Prior to this particular outage, CrowdStrike issued an update that had an error no one knew about…Their internal testing should have caught the error, but it did not, and professor Vaniea says, “We don't know why yet…” The error only happens under very special circumstances, that in theory, should never occur. But on Friday, July 19, 2024, CrowdStrike published a configuration file that caused those special circumstances which was automatically downloaded by all computers running their software, bypassing all testing normally done by system administrators. The combination of the old error no one had noticed, and the new configuration file, caused a problem in how Windows boots up.

How do people and companies impacted move forward?

Typically, issues caused by errors are fixed quickly and the public only experiences a downtime of a few hours. To illustrate, Facebook experienced a mass outage back in October 2021, but their team was able to rectify the problem in less than seven hours as reported by The Verge. However, the CrowdStrike issue is taking days to fix because system administrators must manually remove the problematic configuration file from every single device affected. The good news is that most employees with a computer science based education are able to execute this solution, and the majority of the companies impacted by the outage will have a dedicated team and sufficient resources to roll out the repair plan. However, visiting and fixing every computer still takes time.

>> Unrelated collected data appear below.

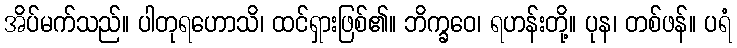
အိပ်မက်သည်။ ပါတုရဟောသိ၊ ထင်ရှားဖြစ်၏။ ဘိက္ခဝေ၊ ရဟန်းတို့။ ပုန၊ တစ်ဖန်။ ပရံ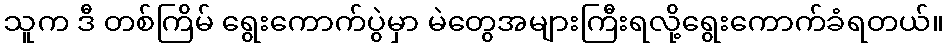
သူက ဒီ တစ်ကြိမ် ရွေးကောက်ပွဲမှာ မဲတွေအများကြီးရလို့ရွေးကောက်ခံရတယ်။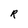
Character: R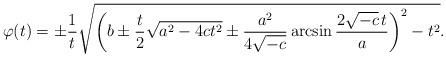
LaTeX: \begin{align*} \varphi(t) = \pm \frac{1}{t} \sqrt{ \left(b \pm \frac{t}{2} \sqrt{a^2 - 4ct^2} \pm \frac{a^2}{4 \sqrt{-c}} \arcsin \frac{2\sqrt{-c}\,t}{a} \right)^2 - t^2 }.\end{align*}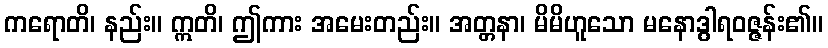
ကရောတိ၊ နည်း။ ဣတိ၊ ဤကား အမေးတည်း။ အတ္တနာ၊ မိမိဟူသော မနောဒွါရဝဇ္ဇန်း၏။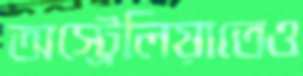
অস্ট্রেলিয়াতেও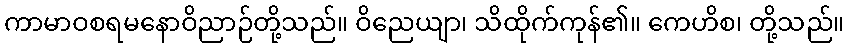
ကာမာဝစရမနောဝိညာဉ်တို့သည်။ ဝိညေယျာ၊ သိထိုက်ကုန်၏။ ကေဟိစ၊ တို့သည်။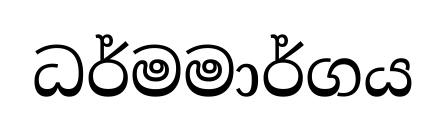
ධර්මමාර්ගය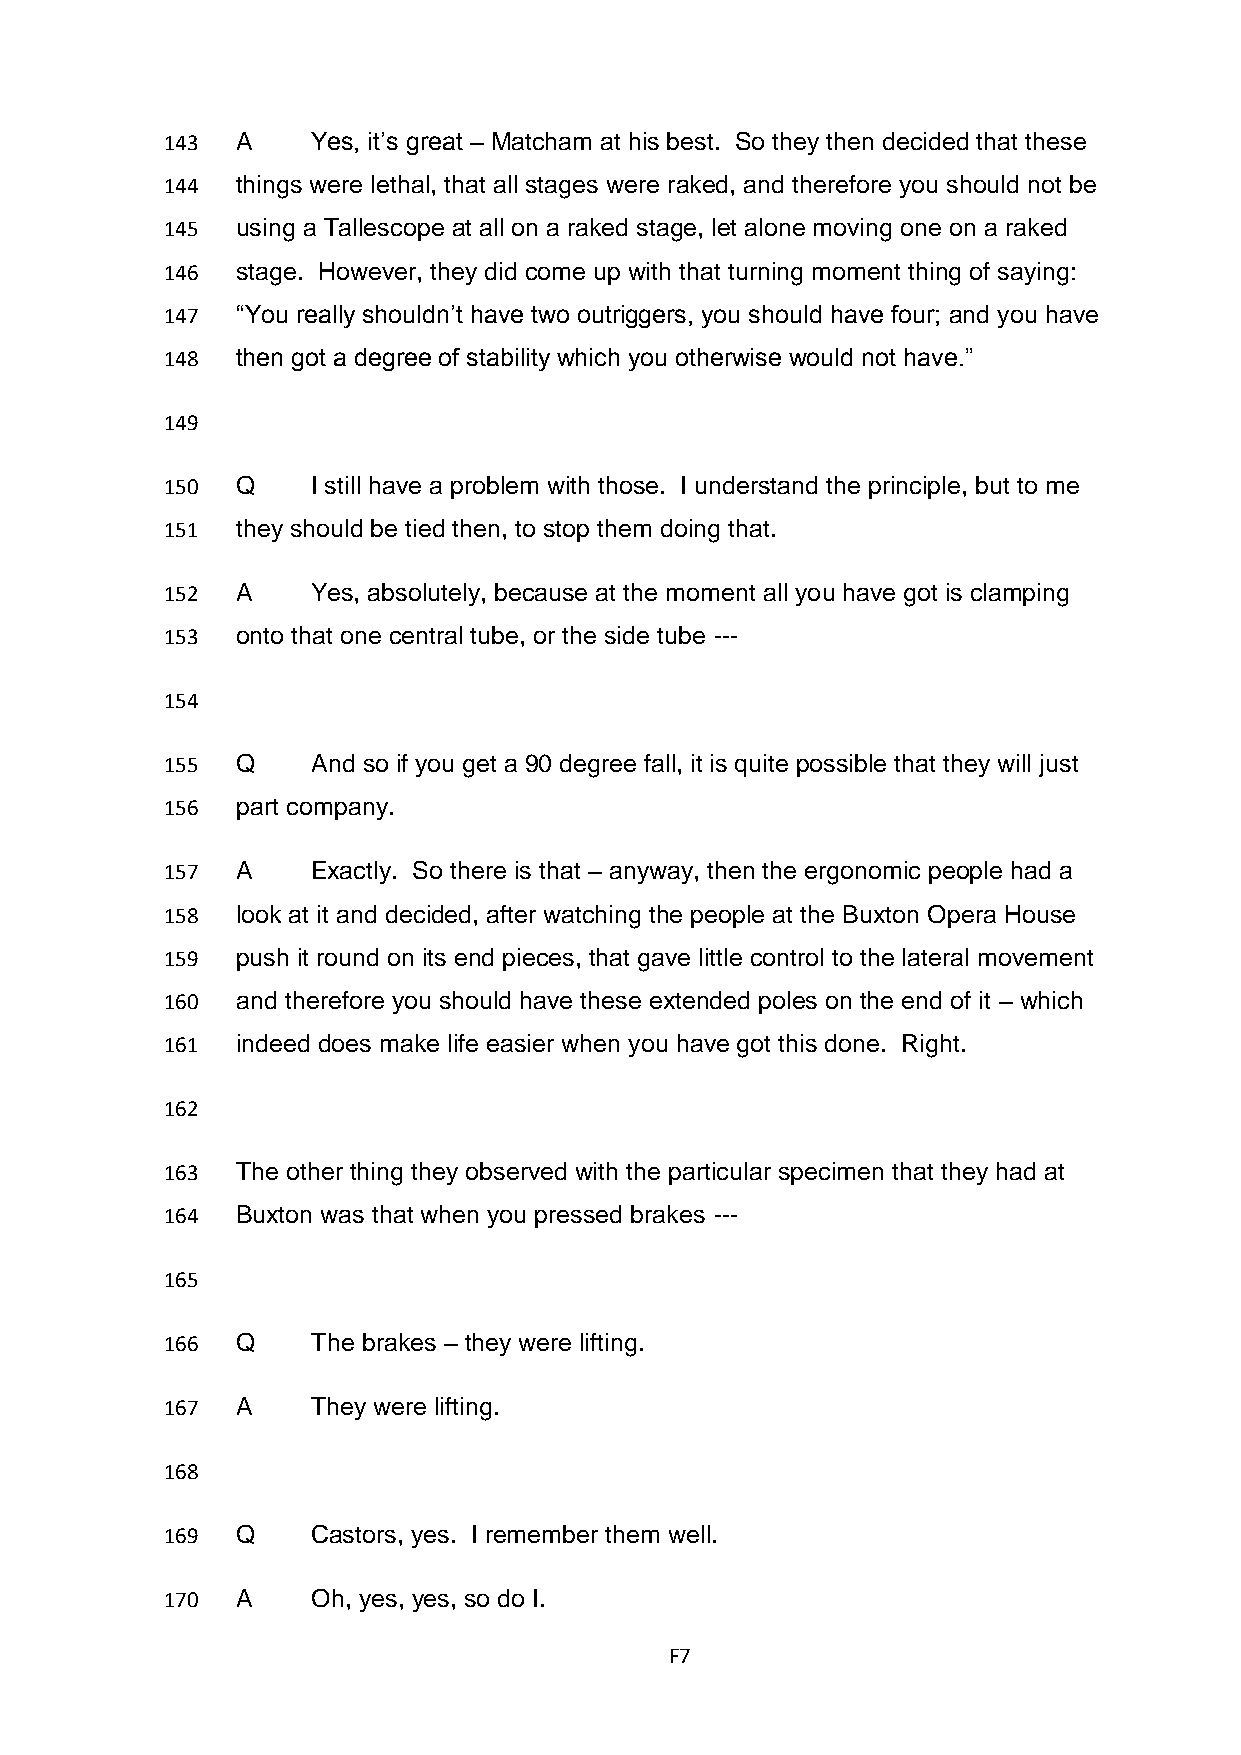
143  A    Yes, it’s great – Matcham at his best. So they then decided that these
 144  things were lethal, that all stages were raked, and therefore you should not be
 145  using a Tallescope at all on a raked stage, let alone moving one on a raked
 146  stage. However, they did come up with that turning moment thing of saying:
 147  “You really shouldn’t have two outriggers, you should have four; and you have
 148  then got a degree of stability which you otherwise would not have.”
 149
 150  Q    I still have a problem with those. I understand the principle, but to me
 151  they should be tied then, to stop them doing that.
 152  A    Yes, absolutely, because at the moment all you have got is clamping
 153  onto that one central tube, or the side tube ---
 154
 155  Q    And so if you get a 90 degree fall, it is quite possible that they will just
 156  part company.
 157  A    Exactly. So there is that – anyway, then the ergonomic people had a
 158  look at it and decided, after watching the people at the Buxton Opera House
 159  push it round on its end pieces, that gave little control to the lateral movement
 160  and therefore you should have these extended poles on the end of it – which
 161  indeed does make life easier when you have got this done. Right.
 162
 163  The other thing they observed with the particular specimen that they had at
 164  Buxton was that when you pressed brakes ---
 165
 166  Q    The brakes – they were lifting.
 167  A    They were lifting.
 168
 169  Q    Castors, yes. I remember them well.
 170  A    Oh, yes, yes, so do I.
 F7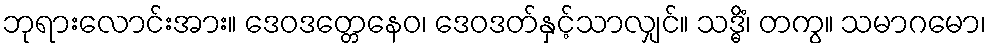
ဘုရားလောင်းအား။ ဒေဝဒတ္တေနေဝ၊ ဒေဝဒတ်နှင့်သာလျှင်။ သဒ္ဓိံ၊ တကွ။ သမာဂမော၊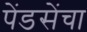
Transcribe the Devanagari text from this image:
पेंडसेंचा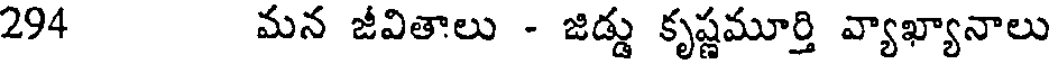
294 మన జీవితాలు - జిడ్డు కృష్ణమూర్తి వ్యాఖ్యానాలు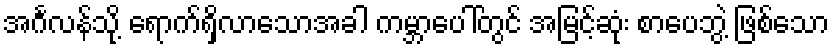
အင်္ဂလန်သို့ ရောက်ရှိလာသောအခါ ကမ္ဘာပေါ်တွင် အမြင့်ဆုံး စာပေဘွဲ့ ဖြစ်သော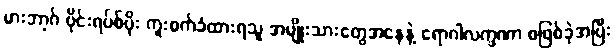
မားဘာ့ဂ် ဗိုင်းရပ်စ်ပိုး ကူးစက်ခံထားရသူ အမျိုးသားတွေအနေနဲ့ ရောဂါလက္ခဏာ စဖြစ်ခဲ့အပြီး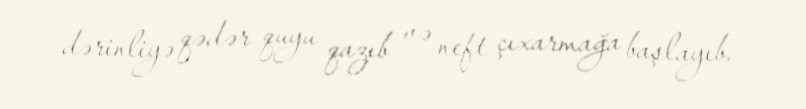
dərinliyə qədər quyu qazıb və neft çıxarmağa başlayıb.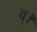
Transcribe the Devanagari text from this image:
व्।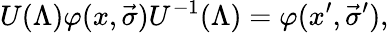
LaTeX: U(\Lambda)\varphi(x,\vec{\sigma})U^{-1}(\Lambda)=\varphi(x^{\prime},\vec{\sigma}^{\prime}),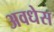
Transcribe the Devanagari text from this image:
अवधेस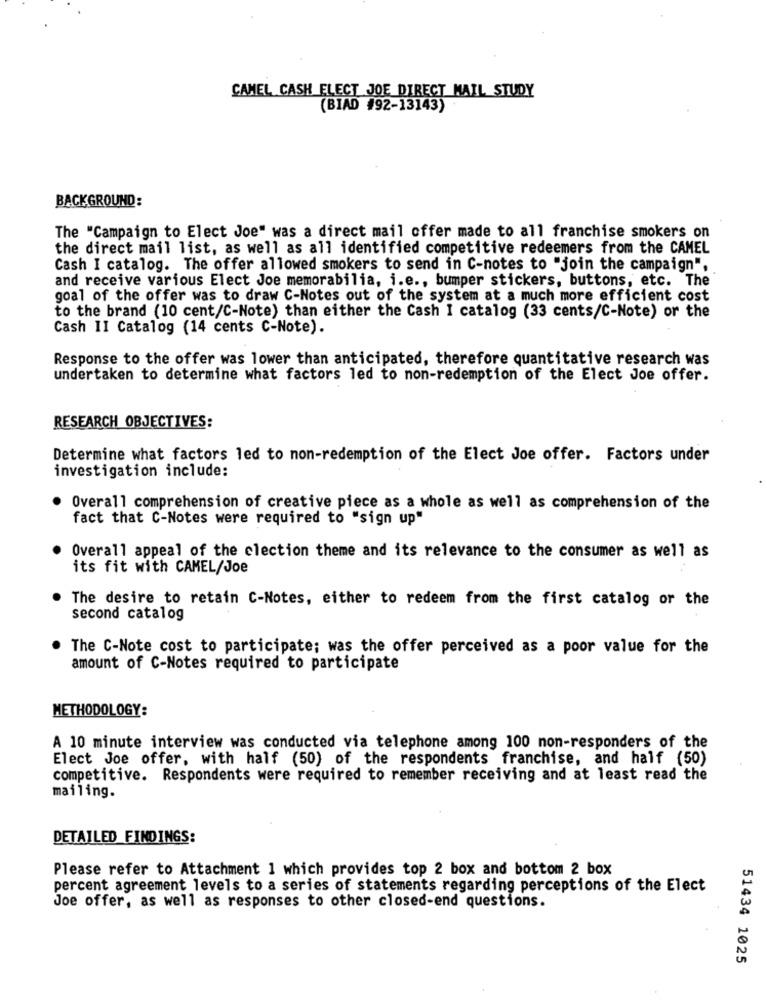
CAMEL CASH ELECT JOE DIRECT MAIL STUDY
(BIAD #92-13143)
BACKGROUND:
The "Campaign to Elect Joe" was a direct mail offer made to all franchise smokers on
the direct mail list, as well as all identified competitive redeemers from the CAMEL
Cash I catalog. The offer allowed smokers to send in C-notes to "join the campaign".
and receive various Elect Joe memorabilia, i.e ., bumper stickers, buttons, etc. The
goal of the offer was to draw C-Notes out of the system at a much more efficient cost
to the brand (10 cent/C-Note) than either the Cash I catalog (33 cents/C-Note) or the
Cash II Catalog (14 cents C-Note).
Response to the offer was lower than anticipated, therefore quantitative research was
undertaken to determine what factors led to non-redemption of the Elect Joe offer.
RESEARCH OBJECTIVES:
Determine what factors led to non-redemption of the Elect Joe offer. Factors under
investigation include:
Overall comprehension of creative piece as a whole as well as comprehension of the
fact that C-Notes were required to "sign up"
Overall appeal of the election theme and its relevance to the consumer as well as
its fit with CAMEL/Joe
The desire to retain C-Notes, either to redeem from the first catalog or the
second catalog
The C-Note cost to participate; was the offer perceived as a poor value for the
amount of C-Notes required to participate
METHODOLOGY:
A 10 minute interview was conducted via telephone among 100 non-responders of the
Elect Joe offer, with half (50) of the respondents franchise, and half (50)
competitive. Respondents were required to remember receiving and at least read the
mailing.
DETAILED FINDINGS:
Please refer to Attachment 1 which provides top 2 box and bottom 2 box
percent agreement levels to a series of statements regarding perceptions of the Elect
Joe offer, as well as responses to other closed-end questions.
51434 1025

What are the implications of this global tech outage?

There are several implications that surface as a result of the CrowdStrike crisis:

Human Computer Interaction (HCI)

Professor Vaniea’s current research specifically focuses on exploring the reasons why both “normal” people and system administrators are reluctant to install updates. Below are just a couple of the numerous examples:

Risk – for system administrators, for instance, the potential risk of downtime or bugs impedes their decisions to download an update.

Prevention of loss – for “normal” people, sometimes the potential to lose a specific program that is beneficial to their livelihood impacts their decisions to install an update. For example, imagine you were about to give a presentation and an “Update PowerPoint” dialog popped up. You might rationally decide to delay updating until after your presentation.

Lawsuits can also cause apps to be forcibly updated. For example, in 2012, the app Speak For Yourself - which helps kids who struggle to speak due to issues like autism and cerebral palsy - was pulled from the Apple App Store due to a lawsuit. To prevent the app from vanishing, some parents disabled all communication with the Apple App store.

flowchart describing the overview of the stages of updating and the issues respondents experience at each stage

Source: Tales of Software Updates: The process of updating software

Automatic updates are key

Professor Vaniea says “automatically updating is much safer” and advises organizations and users to get on board with this strategy if it is not implemented already. After an update is released, attackers look at the updated code, learn what it is fixing, and then write attack code to target that specific thing. Those who update quickly will be protected, but those that update slowly risk attack. For example, in 2017 Equifax lost 143 million US customers’ worth of data. An update that could have fixed the problem was available for two months before the breach. Vaniea says, “If Equifax had installed it, they would not have lost the data.”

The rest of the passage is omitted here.